From ff29ed3a331d0cd26bcd30f7cd6c0c96c7d44eed Mon Sep 17 00:00:00 2001
From: Stefan Hajnoczi <stefanha@redhat.com>
Date: Fri, 14 Feb 2020 17:17:08 +0000
Subject: aio-posix: fix use after leaving scope in aio_poll()

epoll_handler is a stack variable and must not be accessed after it goes
out of scope:

      if (aio_epoll_check_poll(ctx, pollfds, npfd, timeout)) {
          AioHandler epoll_handler;
          ...
          add_pollfd(&epoll_handler);
          ret = aio_epoll(ctx, pollfds, npfd, timeout);
      } ...

  ...

  /* if we have any readable fds, dispatch event */
  if (ret > 0) {
      for (i = 0; i < npfd; i++) {
          nodes[i]->pfd.revents = pollfds[i].revents;
      }
  }

nodes[0] is &epoll_handler, which has already gone out of scope.

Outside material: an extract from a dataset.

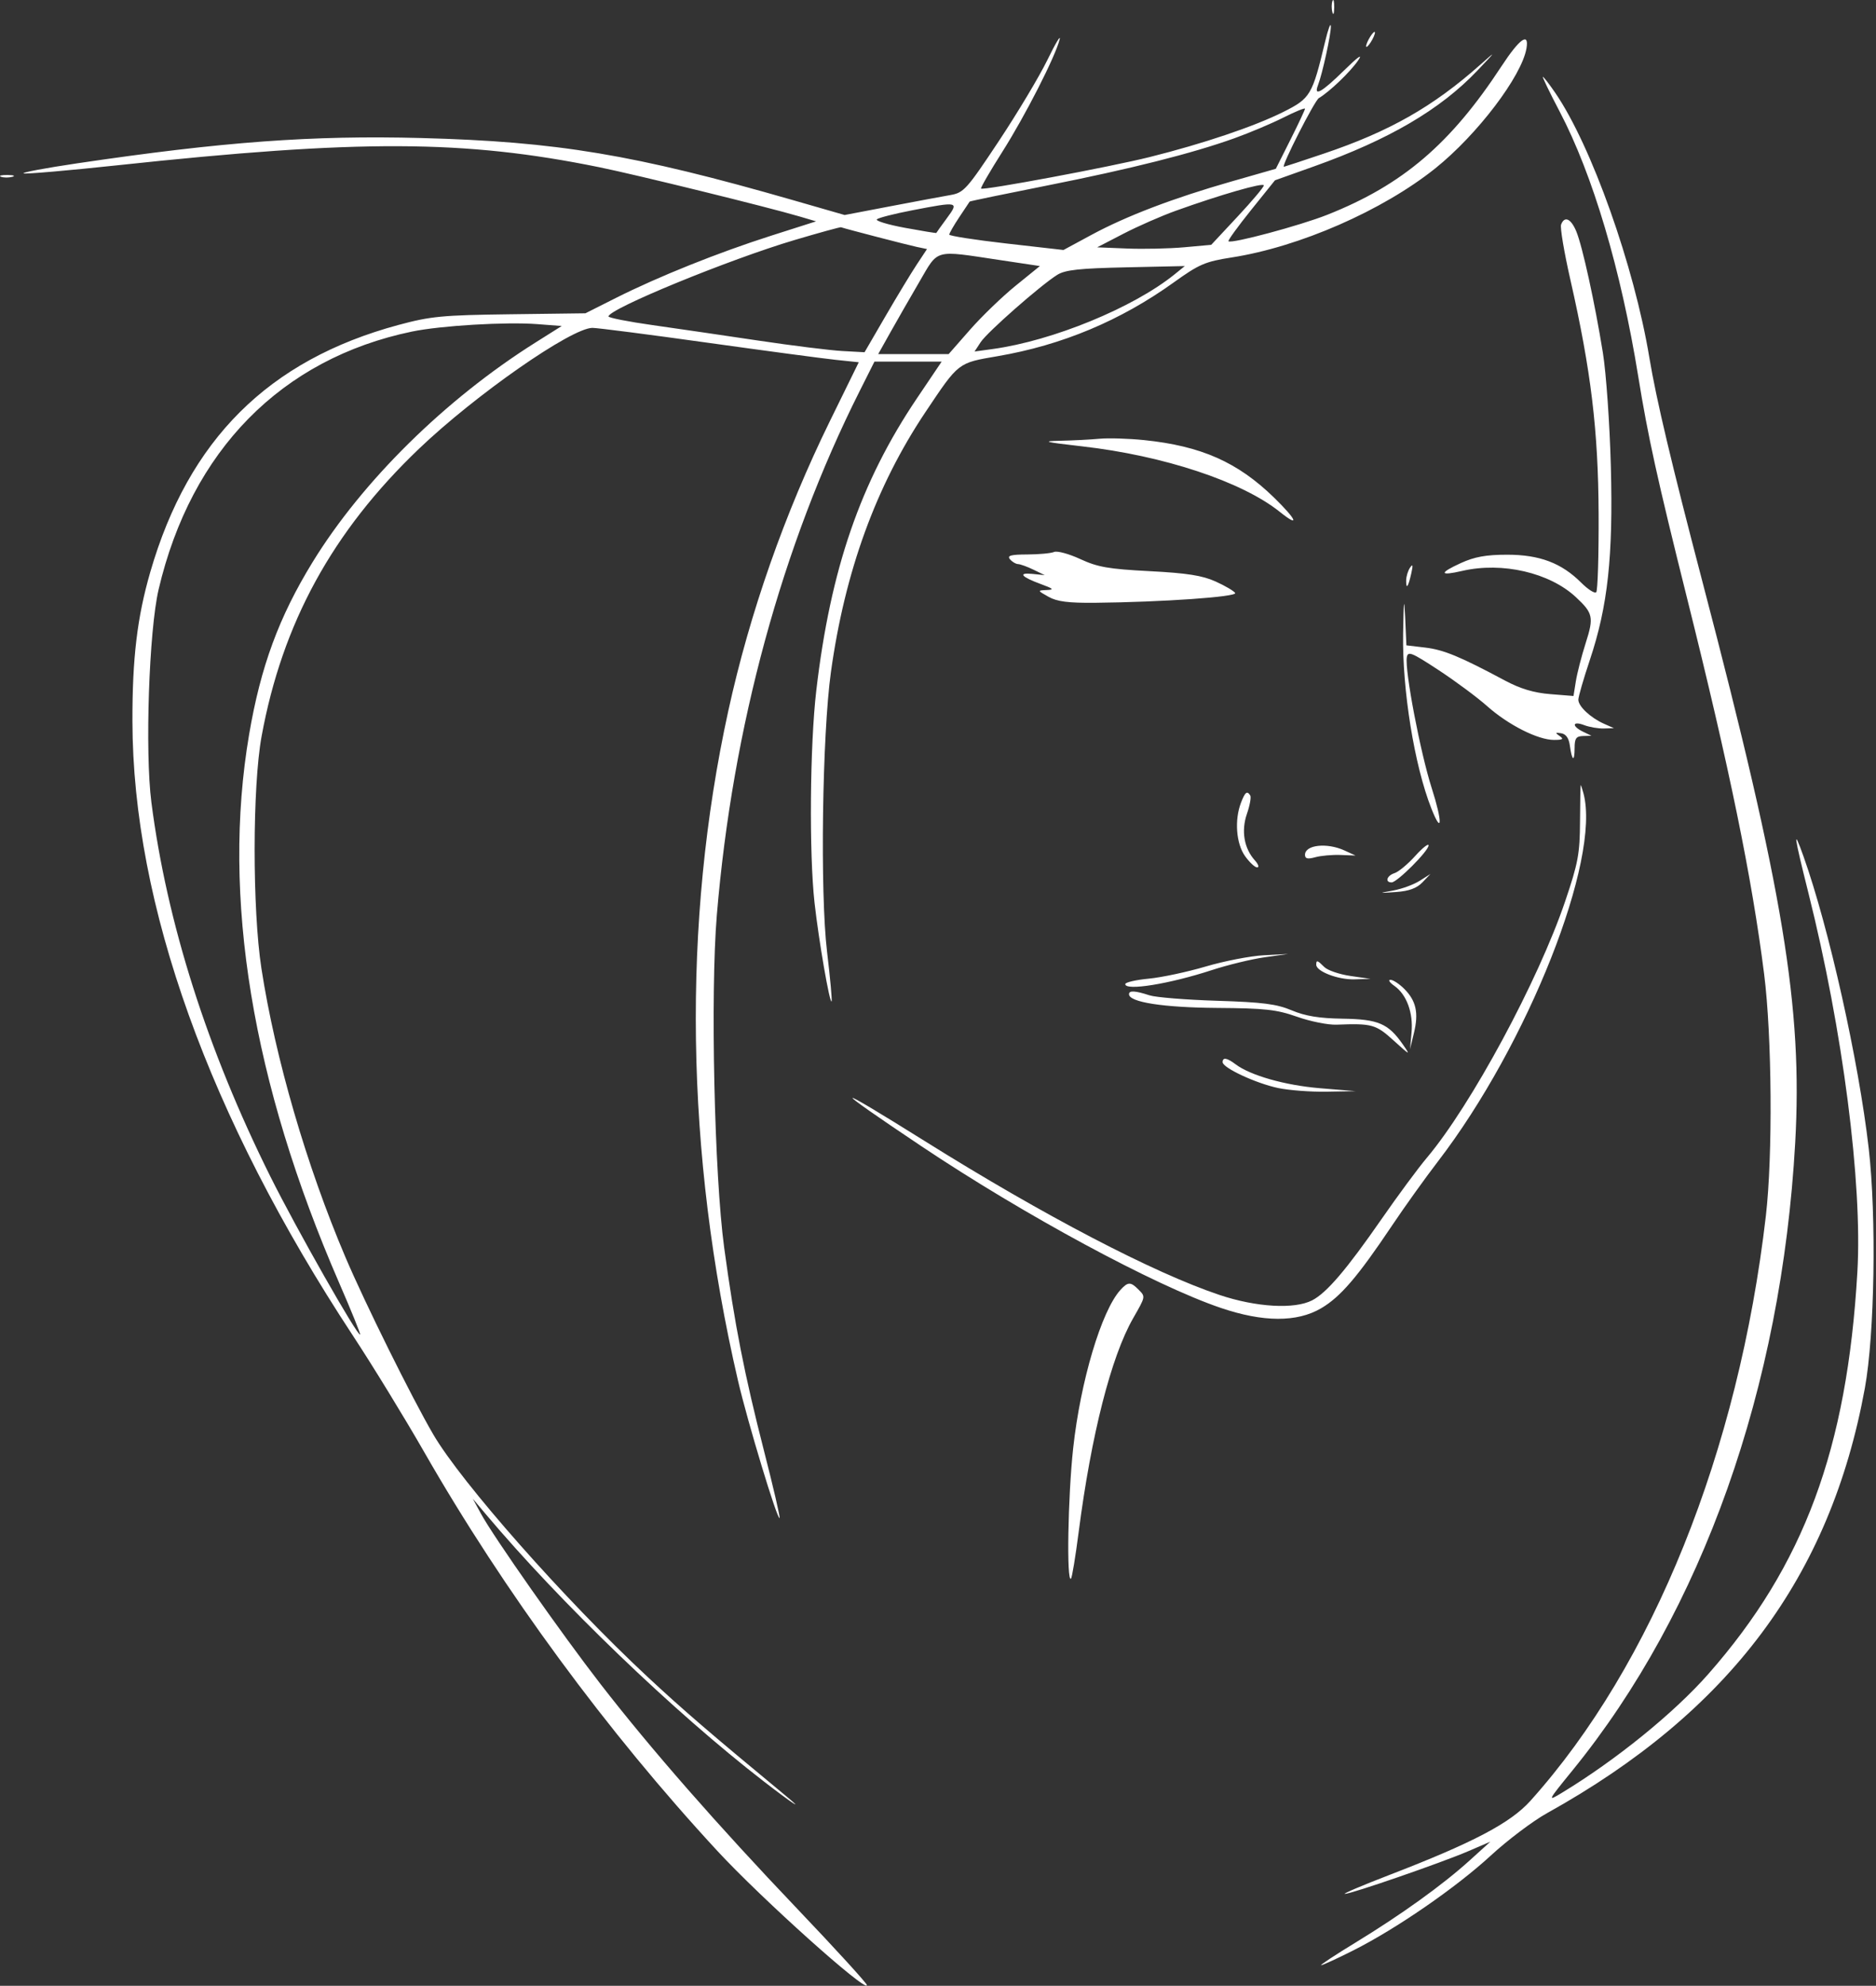 <?xml version="1.0" encoding="UTF-8"?> <svg xmlns="http://www.w3.org/2000/svg" width="501" height="530" viewBox="0 0 501 530" fill="none"><rect x="0" y="0" width="501" height="530" fill="#333333" stroke="none"/> <path fill-rule="evenodd" clip-rule="evenodd" d="M356.315 2.01C356.295 3.66 356.071 4.214 355.817 3.241C355.563 2.268 355.58 0.918 355.854 0.241C356.128 -0.436 356.335 0.36 356.315 2.01ZM355.412 7.01C355.482 9.067 353.171 19.645 351.97 22.761C350.76 25.901 353.012 24.616 358.978 18.761C362.674 15.133 364.044 14.168 362.689 16.143C360.593 19.2 355.053 24.506 352.214 26.177C351.062 26.855 342.072 44.511 342.878 44.511C343.01 44.511 347.764 42.946 353.444 41.032C371.047 35.105 382.688 28.495 395.36 17.235C399.686 13.392 399.627 13.505 394.51 18.877C384.622 29.256 370.93 37.275 350.918 44.407L340.49 48.124L334.103 56.068C330.591 60.437 327.877 64.18 328.074 64.388C328.781 65.135 347.174 60.212 354.459 57.325C374.574 49.355 387.367 38.452 400.991 17.668C405.801 10.329 408.409 8.464 407.657 12.9C406.4 20.323 394.495 35.981 383.3 44.938C369.232 56.194 347.036 65.9 328.925 68.716C321.87 69.814 320.226 70.519 313.519 75.338C299.276 85.567 283.623 92.123 266.411 95.067C255.755 96.889 256.096 96.626 247.134 110.01C233.944 129.709 225.626 152.573 221.906 179.355C219.574 196.143 218.986 238.283 220.865 253.973C221.719 261.103 222.265 267.089 222.078 267.276C221.555 267.798 218.667 251.096 217.536 241.01C216.056 227.819 216.29 198.877 217.994 184.309C221.789 151.87 229.785 128.681 244.906 106.26L251.482 96.51H242.507H233.532L229.561 104.409C208.813 145.675 195.61 194.101 191.433 244.259C189.695 265.135 190.77 313.648 193.401 333.028C196.176 353.467 198.805 366.857 204.077 387.411C206.532 396.982 208.385 404.968 208.194 405.159C207.597 405.756 199.653 379.528 197.092 368.51C182.995 307.844 182.102 246.315 194.498 189.723C200.226 163.574 209.551 136.997 221.644 112.361L229.338 96.686L223.174 96.038C219.784 95.683 204.326 93.618 188.822 91.451C173.319 89.284 159.548 87.51 158.221 87.51C152.607 87.51 126.919 105.411 111.825 119.841C88.774 141.878 75.391 166.328 69.861 196.51C67.401 209.934 67.378 242.747 69.818 258.51C73.534 282.516 81.86 311.113 92.238 335.51C97.458 347.781 109.983 373.046 115.702 382.838C123.22 395.711 150.86 426.979 172.773 447.399C182.342 456.316 189.425 462.41 210.099 479.51C215.083 483.633 211.497 481.26 204.01 475.48C179.982 456.934 149.662 427.799 129.633 404.01L126.265 400.01L128.446 404.01C131.838 410.23 150.005 436.095 160.387 449.487C173.819 466.811 191.586 487.094 212.938 509.481C223.153 520.191 231.51 529.342 231.51 529.818C231.51 531.982 203.401 506.782 191.629 494.064C162.173 462.242 134.606 424.758 113.265 387.51C108.065 378.435 99.516 364.485 94.268 356.51C55.782 298.033 35.457 241.443 35.366 192.51C35.334 175.645 36.641 164.732 40.139 152.66C50.376 117.326 71.723 96.085 106.391 86.734C115.014 84.409 118.099 84.114 136.175 83.879L156.34 83.618L164.513 79.508C175.86 73.803 191.828 67.406 205.976 62.895L217.943 59.078L213.476 57.761C204.884 55.228 169.921 46.638 160.01 44.624C123.911 37.292 96.082 37.185 31.248 44.126C18.179 45.525 6.957 46.492 6.31 46.278C5.664 46.062 12.081 44.856 20.572 43.599C59.576 37.825 83.391 36.074 112.51 36.84C148.803 37.794 169.396 41.233 211.79 53.423L225.569 57.386L237.79 55.051C244.511 53.767 251.72 52.42 253.81 52.059C257.379 51.441 258.167 50.565 266.71 37.706C271.714 30.174 277.563 20.41 279.708 16.011C281.852 11.611 283.328 9.135 282.988 10.511C281.858 15.075 273.798 30.878 267.689 40.505C264.376 45.727 261.814 50.148 261.996 50.331C262.557 50.891 296.406 44.569 307.01 41.922C321.296 38.358 334.965 33.751 342.669 29.902C349.972 26.256 350.456 25.441 353.908 11.011C354.698 7.71 355.374 5.91 355.412 7.01ZM366.51 10.511C365.921 11.611 365.215 12.511 364.94 12.511C364.665 12.511 364.921 11.611 365.51 10.511C366.099 9.41 366.805 8.51 367.08 8.51C367.355 8.51 367.099 9.41 366.51 10.511ZM415.33 24.761C424.997 38.849 436.416 70.966 440.484 95.51C442.32 106.592 446.404 123.81 454.712 155.51C476.288 237.825 481.437 268.982 479.42 305.01C475.761 370.359 454.62 429.925 419.984 472.469C413.235 480.759 413.177 480.88 417.054 478.533C431.564 469.75 447.066 457.186 456.225 446.786C481.752 417.8 493.29 386.701 496.025 339.51C497.401 315.766 492.115 274.864 482.946 238.311C479.082 222.905 478.754 220.481 481.619 228.51C488.42 247.567 496.373 283.145 499.056 306.51C501.147 324.725 500.639 356.197 498.022 370.51C488.818 420.859 461.854 456.888 413.143 483.927C409.366 486.023 402.616 491.11 398.143 495.232C388.88 503.766 372.895 514.786 361.384 520.573C357.078 522.74 353.224 524.51 352.821 524.51C352.417 524.51 356.541 521.794 361.985 518.476C374.249 510.998 385.308 503.044 392.51 496.521L398.01 491.54L392.084 494.09C384.988 497.144 360.732 505.525 359.137 505.474C358.517 505.455 363.843 503.194 370.972 500.45C393.352 491.837 403.376 486.573 408.716 480.629C441.381 444.272 464.31 387.338 471.589 324.51C473.447 308.477 473.219 276.527 471.129 260.01C467.858 234.157 461.886 205.055 450.506 159.51C442.607 127.894 440.093 116.478 437.511 100.51C432.901 72.001 425.387 46.684 416.512 29.761C413.844 24.672 411.831 20.511 412.038 20.511C412.245 20.511 413.726 22.422 415.33 24.761ZM329.674 36.895C318.396 40.946 302.011 45.077 279.552 49.533C268.3 51.767 259.032 53.688 258.956 53.803C258.88 53.916 257.624 55.803 256.164 57.992C254.704 60.182 253.51 62.263 253.51 62.614C253.51 62.965 260.373 64.034 268.76 64.987L284.01 66.722L291.51 62.672C300.787 57.663 313.366 52.868 328.865 48.438L340.72 45.048L344.615 37.301C346.757 33.041 348.51 29.314 348.51 29.018C348.51 28.724 345.923 29.782 342.76 31.372C339.597 32.961 333.709 35.447 329.674 36.895ZM3.241 47.203C2.268 47.458 0.918 47.441 0.241 47.166C-0.436 46.892 0.36 46.685 2.01 46.706C3.66 46.725 4.214 46.95 3.241 47.203ZM314.01 56.249C310.16 57.632 303.86 60.392 300.01 62.386L293.01 66.01L301.01 66.331C305.41 66.507 312.263 66.356 316.239 65.998L323.468 65.344L330.489 57.825C334.351 53.691 337.51 49.94 337.51 49.49C337.51 48.636 325.992 51.949 314.01 56.249ZM243.51 56.15C238.835 57.051 234.637 58.123 234.18 58.531C233.724 58.937 237.099 59.962 241.68 60.806C246.262 61.651 250.028 62.267 250.05 62.175C250.073 62.084 251.333 60.324 252.851 58.261C256.157 53.77 256.009 53.737 243.51 56.15ZM420.961 61.761C422.601 65.713 425.924 80.876 428.068 94.188C428.938 99.591 429.893 113.235 430.191 124.51C430.825 148.54 429.382 161.809 424.573 176.161C422.889 181.19 421.51 185.956 421.51 186.753C421.51 188.521 424.764 191.572 428.351 193.166L431.01 194.348L428.325 194.429C426.848 194.473 424.486 194.071 423.075 193.535C419.917 192.334 419.655 193.792 422.76 195.29L425.01 196.375L422.76 196.442C420.915 196.498 420.51 197.079 420.51 199.677C420.51 203.499 419.793 203.112 419.242 198.992C418.976 197.007 418.202 195.908 416.926 195.706C415.33 195.453 415.26 195.576 416.51 196.441C417.696 197.262 417.381 197.481 415.01 197.485C410.738 197.493 402.814 193.494 397.177 188.487C394.519 186.126 388.669 181.785 384.177 178.841C376.908 174.076 375.975 173.705 375.695 175.465C375.136 178.975 379.333 200.96 382.359 210.37C385.242 219.334 385.162 223.145 382.247 215.76C377.721 204.297 374.462 184.131 374.711 169.129C374.859 160.203 375.002 159.016 375.251 164.625L375.589 172.241L380.627 172.837C385.546 173.42 389.947 175.238 401.883 181.62C406.006 183.824 409.613 184.909 413.986 185.26L420.214 185.76L420.844 181.822C421.191 179.656 422.376 175.059 423.479 171.607C425.677 164.727 425.445 163.651 420.846 159.37C413.822 152.832 401.175 149.91 390.537 152.365C384.41 153.78 384.242 152.973 390.105 150.293C393.796 148.606 396.866 148.051 402.51 148.051C411.162 148.051 417.01 150.262 422.284 155.527C424.085 157.324 425.885 158.468 426.284 158.069C426.683 157.67 426.971 148.268 426.923 137.176C426.828 114.888 424.901 98.916 419.386 74.686C417.718 67.359 416.599 60.721 416.9 59.937C417.814 57.556 419.537 58.33 420.961 61.761ZM212.254 64.046C194.716 69.24 162.51 82.457 162.51 84.46C162.51 84.817 167.798 85.856 174.26 86.77C180.722 87.686 193.435 89.543 202.51 90.897C211.585 92.252 221.682 93.507 224.947 93.686L230.884 94.01L236.464 84.412C239.533 79.132 243.286 72.936 244.804 70.642L247.564 66.472L244.787 65.891C242.467 65.406 225.912 61.111 224.6 60.654C224.375 60.575 218.819 62.102 212.254 64.046ZM245.51 75.242C243.035 79.48 239.552 85.549 237.77 88.728L234.529 94.51H243.935H253.341L259.047 88.01C262.186 84.436 267.669 79.148 271.231 76.26L277.709 71.01L266.859 69.383C249.271 66.746 250.699 66.355 245.51 75.242ZM282.352 73.352C277.906 76.126 263.647 88.653 261.902 91.316L260.264 93.817L265.129 93.15C281.147 90.954 302.727 82.093 313.713 73.198L316.416 71.01L300.713 71.352C288.251 71.621 284.461 72.034 282.352 73.352ZM110.01 88.498C75.144 95.737 51.055 120.241 42.359 157.316C39.792 168.261 38.691 200.607 40.426 214.11C44.555 246.247 55.354 280.196 72.203 314.01C79.143 327.938 95.551 356.802 96.175 356.179C96.326 356.028 93.817 349.853 90.601 342.457C67.308 288.903 59.157 239.306 66.531 196.01C69.617 177.895 74.496 164.66 83.482 150.031C96.772 128.394 118.965 106.541 143.01 91.415L150.01 87.01L143.51 86.51C135.14 85.867 117.699 86.901 110.01 88.498ZM305.529 117.462C320.778 119.026 330.532 123.341 340.26 132.824C346.344 138.755 347.228 140.98 341.76 136.601C331.687 128.536 310.757 121.605 289.01 119.134C278.981 117.994 278.013 117.749 283.12 117.64C286.481 117.569 291.206 117.326 293.62 117.101C296.035 116.876 301.393 117.038 305.529 117.462ZM288.51 149.222C293.136 151.365 296.075 151.876 307.01 152.441C316.984 152.957 321.085 153.599 324.631 155.198C327.172 156.345 329.526 157.727 329.861 158.269C330.495 159.295 310.307 160.707 292.51 160.881C285.303 160.952 282.286 160.566 280.01 159.282C277.02 157.595 277.018 157.59 279.51 157.48C281.6 157.387 281.358 157.13 278.034 155.914C272.713 153.966 271.708 152.773 275.729 153.177L279.01 153.506L276.01 152.053C274.36 151.254 272.503 150.58 271.882 150.555C271.262 150.531 270.288 149.948 269.717 149.26C268.909 148.285 269.928 148.005 274.345 147.986C277.461 147.973 280.685 147.673 281.51 147.318C282.335 146.964 285.485 147.821 288.51 149.222ZM376.9 153.01C376.077 156.687 375.505 157.485 375.525 154.927C375.534 153.873 375.997 152.335 376.556 151.51C377.297 150.415 377.39 150.819 376.9 153.01ZM422.88 211.76C427.585 229.318 408.031 278.726 383.994 310.01C380.614 314.41 375.132 322.06 371.814 327.01C362.568 340.801 357.984 346.148 352.807 349.182C346.367 352.956 337.356 352.919 326.01 349.073C308.371 343.093 273.446 324.238 246.01 305.884C221.157 289.259 221.616 288.7 247.06 304.608C278.757 324.427 308.06 339.714 325.658 345.612C335.49 348.907 345.701 349.497 350.445 347.044C354.307 345.047 359.599 338.849 368.953 325.369C373.287 319.121 378.731 311.76 381.051 309.01C392.87 294.995 410.805 261.748 418.004 240.51C421.45 230.345 421.908 227.878 421.956 219.261C421.986 213.899 422.07 209.511 422.143 209.511C422.217 209.51 422.548 210.522 422.88 211.76ZM333.897 212.327C334.175 212.777 333.769 214.98 332.996 217.224C331.43 221.769 332.235 226.444 335.135 229.648C336.062 230.672 336.331 231.51 335.733 231.51C335.135 231.51 333.678 230.15 332.495 228.489C330.124 225.159 329.644 218.87 331.408 214.26C332.508 211.385 333.053 210.962 333.897 212.327ZM381.51 225.639C381.51 227.114 373.116 235.51 371.642 235.51C369.781 235.51 370.362 233.692 372.432 233.035C373.489 232.699 375.964 230.643 377.932 228.464C379.9 226.286 381.51 225.015 381.51 225.639ZM359.01 226.971L362.01 228.342L358.01 228.188C355.81 228.103 352.772 228.374 351.26 228.791C349.207 229.356 348.51 229.193 348.51 228.146C348.51 225.493 354.347 224.84 359.01 226.971ZM379.872 235.5C378.371 237.066 376.286 237.833 372.872 238.074C368.05 238.414 368.044 238.411 372.13 237.663C374.396 237.249 377.546 236.091 379.13 235.089L382.01 233.269L379.872 235.5ZM337.664 255.508C334.173 256.004 327.873 257.535 323.664 258.909C312.29 262.623 300.51 264.529 300.51 262.655C300.51 262.184 303.322 261.532 306.76 261.205C310.197 260.879 317.06 259.418 322.01 257.958C326.96 256.498 333.935 255.147 337.51 254.956L344.01 254.607L337.664 255.508ZM353.676 258.105C354.553 258.982 357.687 260.051 360.64 260.48L366.01 261.26L361.71 261.385C357.36 261.511 351.51 259.274 351.51 257.484C351.51 256.16 351.82 256.248 353.676 258.105ZM375.015 263.924C378.188 267.097 378.904 270.327 377.615 275.65L376.559 280.01L376.966 275.563C377.445 270.319 375.64 265.415 372.393 263.141C371.113 262.244 370.636 261.51 371.333 261.51C372.03 261.51 373.687 262.596 375.015 263.924ZM307.01 265.658C308.66 266.196 316.76 266.847 325.01 267.105C337.247 267.489 340.926 267.961 344.983 269.667C348.593 271.184 352.307 271.792 358.528 271.884C368.066 272.024 370.73 273.156 374.613 278.72C376.767 281.805 376.619 281.746 372.232 277.76C367.423 273.39 366.435 273.114 356.923 273.483C354.675 273.57 349.95 272.623 346.423 271.38C340.931 269.443 337.855 269.103 325.01 269.012C310.671 268.91 301.51 267.483 301.51 265.352C301.51 264.306 303.132 264.396 307.01 265.658ZM329.95 284.041C333.9 287.028 343.204 289.671 352.485 290.44L362.01 291.23L354.309 291.37C350.074 291.447 344.224 291.004 341.309 290.386C335.372 289.126 326.51 284.999 326.51 283.493C326.51 282.13 327.666 282.314 329.95 284.041ZM303.939 344.081C305.967 346.11 306.002 345.905 302.584 351.888C296.718 362.154 291.423 382.953 288.063 408.92C287.216 415.471 286.295 421.059 286.016 421.337C284.798 422.555 285.185 399.469 286.6 386.51C288.551 368.642 294.15 349.88 299.195 344.306C301.187 342.105 301.927 342.07 303.939 344.081Z" fill="white"></path> </svg>

There is no need to use pollfds[] for epoll.  We don't need an
AioHandler for the epoll fd.

Signed-off-by: Stefan Hajnoczi <stefanha@redhat.com>
Reviewed-by: Sergio Lopez <slp@redhat.com>
Message-id: 20200214171712.541358-2-stefanha@redhat.com
Signed-off-by: Stefan Hajnoczi <stefanha@redhat.com>
---
 util/aio-posix.c | 20 ++++++++------------
 1 file changed, 8 insertions(+), 12 deletions(-)

(limited to 'util')

diff --git a/util/aio-posix.c b/util/aio-posix.c
index f67f5b3..c964627 100644
--- a/util/aio-posix.c
+++ b/util/aio-posix.c
@@ -105,17 +105,18 @@ static void aio_epoll_update(AioContext *ctx, AioHandler *node, bool is_new)
     }
 }
 
-static int aio_epoll(AioContext *ctx, GPollFD *pfds,
-                     unsigned npfd, int64_t timeout)
+static int aio_epoll(AioContext *ctx, int64_t timeout)
 {
+    GPollFD pfd = {
+        .fd = ctx->epollfd,
+        .events = G_IO_IN | G_IO_OUT | G_IO_HUP | G_IO_ERR,
+    };
     AioHandler *node;
     int i, ret = 0;
     struct epoll_event events[128];
 
-    assert(npfd == 1);
-    assert(pfds[0].fd == ctx->epollfd);
     if (timeout > 0) {
-        ret = qemu_poll_ns(pfds, npfd, timeout);
+        ret = qemu_poll_ns(&pfd, 1, timeout);
     }
     if (timeout <= 0 || ret > 0) {
         ret = epoll_wait(ctx->epollfd, events,
@@ -669,13 +670,8 @@ bool aio_poll(AioContext *ctx, bool blocking)
 
         /* wait until next event */
         if (aio_epoll_check_poll(ctx, pollfds, npfd, timeout)) {
-            AioHandler epoll_handler;
-
-            epoll_handler.pfd.fd = ctx->epollfd;
-            epoll_handler.pfd.events = G_IO_IN | G_IO_OUT | G_IO_HUP | G_IO_ERR;
-            npfd = 0;
-            add_pollfd(&epoll_handler);
-            ret = aio_epoll(ctx, pollfds, npfd, timeout);
+            npfd = 0; /* pollfds[] is not being used */
+            ret = aio_epoll(ctx, timeout);
         } else  {
             ret = qemu_poll_ns(pollfds, npfd, timeout);
         }
-- 
cgit v1.1


From ca8c6b22754b0f17818b1d1910d31f0aa1a49cc7 Mon Sep 17 00:00:00 2001
From: Stefan Hajnoczi <stefanha@redhat.com>
Date: Fri, 14 Feb 2020 17:17:09 +0000
Subject: aio-posix: don't pass ns timeout to epoll_wait()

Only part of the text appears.